The ACA doesn’t even tackle the cost of malpractice insurance for private practitioners or legal counsel for hospitals – one of its most disappointing failures, but one that is understandable, considering that the Federal Legislature can’t really regulate state civil courts). The left has, traditionally, completely ignored the increasing need for tort reform. Unfortunately, so has the right. Every once in a while, you’ll hear a Republican talk about the need for it, but they tend to be economists, rather than politicians with any clout. The GOP must act now to enact stiff limits on settlement amounts in medical malpractice cases in the states. We recognize that medical mistakes are always extremely damaging and life-altering (or ending) for their victims. We also recognize that the legal system shouldn’t be a lotto-draw for someone looking to get even with a doctor or make a quick killing after a mistake. The GOP should also enact “loser pays” laws for all civil matters, including medical malpractice. Unfortunately, these are generally matters reserved for the states, and the GOP must spearhead the effort at the state level to address them.

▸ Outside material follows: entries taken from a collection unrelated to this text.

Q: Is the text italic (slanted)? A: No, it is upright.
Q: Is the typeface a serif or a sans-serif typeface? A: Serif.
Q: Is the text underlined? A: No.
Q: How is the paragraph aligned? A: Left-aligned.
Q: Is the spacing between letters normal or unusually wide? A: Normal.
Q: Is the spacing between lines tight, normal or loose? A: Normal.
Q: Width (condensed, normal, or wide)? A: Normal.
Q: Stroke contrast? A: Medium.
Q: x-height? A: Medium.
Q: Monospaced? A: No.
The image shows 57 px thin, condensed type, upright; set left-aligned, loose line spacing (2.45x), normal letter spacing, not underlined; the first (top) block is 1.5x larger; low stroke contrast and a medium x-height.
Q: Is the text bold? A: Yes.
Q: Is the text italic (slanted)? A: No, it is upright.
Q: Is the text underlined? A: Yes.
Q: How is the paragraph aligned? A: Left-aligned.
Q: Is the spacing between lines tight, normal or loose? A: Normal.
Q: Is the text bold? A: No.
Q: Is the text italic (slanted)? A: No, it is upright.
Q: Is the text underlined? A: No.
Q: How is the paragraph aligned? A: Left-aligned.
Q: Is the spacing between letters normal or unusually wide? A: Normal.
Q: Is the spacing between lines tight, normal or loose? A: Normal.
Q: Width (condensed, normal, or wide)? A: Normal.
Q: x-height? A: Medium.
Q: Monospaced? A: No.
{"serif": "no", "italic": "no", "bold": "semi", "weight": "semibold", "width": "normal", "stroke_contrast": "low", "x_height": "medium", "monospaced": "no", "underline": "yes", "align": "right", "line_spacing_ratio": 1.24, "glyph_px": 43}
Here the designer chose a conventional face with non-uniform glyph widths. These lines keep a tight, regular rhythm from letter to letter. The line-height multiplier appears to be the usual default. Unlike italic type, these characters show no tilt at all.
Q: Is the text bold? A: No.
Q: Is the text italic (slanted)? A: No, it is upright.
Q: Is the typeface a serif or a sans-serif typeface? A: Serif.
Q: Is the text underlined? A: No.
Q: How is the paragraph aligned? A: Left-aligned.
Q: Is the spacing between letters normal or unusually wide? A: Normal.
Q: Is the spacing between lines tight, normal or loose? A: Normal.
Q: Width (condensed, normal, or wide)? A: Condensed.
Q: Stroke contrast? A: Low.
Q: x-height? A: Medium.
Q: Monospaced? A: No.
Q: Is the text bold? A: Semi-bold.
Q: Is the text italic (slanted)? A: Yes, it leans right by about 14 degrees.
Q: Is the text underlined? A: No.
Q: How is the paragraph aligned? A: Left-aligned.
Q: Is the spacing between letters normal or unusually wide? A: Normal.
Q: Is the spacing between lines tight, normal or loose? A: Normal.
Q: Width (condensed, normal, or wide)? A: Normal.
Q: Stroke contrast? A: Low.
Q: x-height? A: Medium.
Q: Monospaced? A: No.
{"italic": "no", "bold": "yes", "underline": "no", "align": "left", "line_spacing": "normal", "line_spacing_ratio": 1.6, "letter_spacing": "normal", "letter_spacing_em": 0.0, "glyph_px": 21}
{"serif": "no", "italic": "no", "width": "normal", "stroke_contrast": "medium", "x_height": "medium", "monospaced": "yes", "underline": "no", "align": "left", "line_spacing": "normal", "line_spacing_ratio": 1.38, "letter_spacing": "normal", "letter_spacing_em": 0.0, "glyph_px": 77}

C) Hospital Administration and Record-Keeping

The ACA likely made these costs much worse, I’m afraid, by changing medical billing codes to a ludicrous, byzantine array of unrecognizable codes and further regulating how this information is to be collected. The GOP should move to vastly simplify medical insurance/incident/billing codes, and take a more holistic approach to auditing hospital financial and medical records.

D) Medical Fees and Insurance Models

As we know, the ACA attempts to decrease the number of people who are uninsured and thus to lower the liabilities for hospitals who must treat all patients, whether or not they are insured, by requiring that everyone get health insurance and taxing you if you do not. On top of this, the ACA requires all businesses of a certain size (more than 50 full time employees) to offer health insurance or pay massive fees. The ACA requires that children under the age of 26 be allowed to remain covered by their parents. And it requires that insurance companies never reject someone who has a pre-existing condition. And finally, the ACA requires that those plans cover a huge range of medical services in an attempt to capture all of the potential costs. The theory was that young, healthy people were going uninsured to avoid paying for it when they felt invincible at rates high enough to balance out all of the people who’d been rejected for preexisting conditions. The mandate-driven approach has proved to be a spectacular failure. Many are choosing to pay the tax – especially the healthy – many more are finding that their plans are far too expensive and have huge deductibles as insurance companies look for ways to shield themselves from the increased cost of covering high risk people. And, of course, if the government is forcing the insurers to cover everyone, many insurers will drop out of the marketplace, and that is exactly what is happening.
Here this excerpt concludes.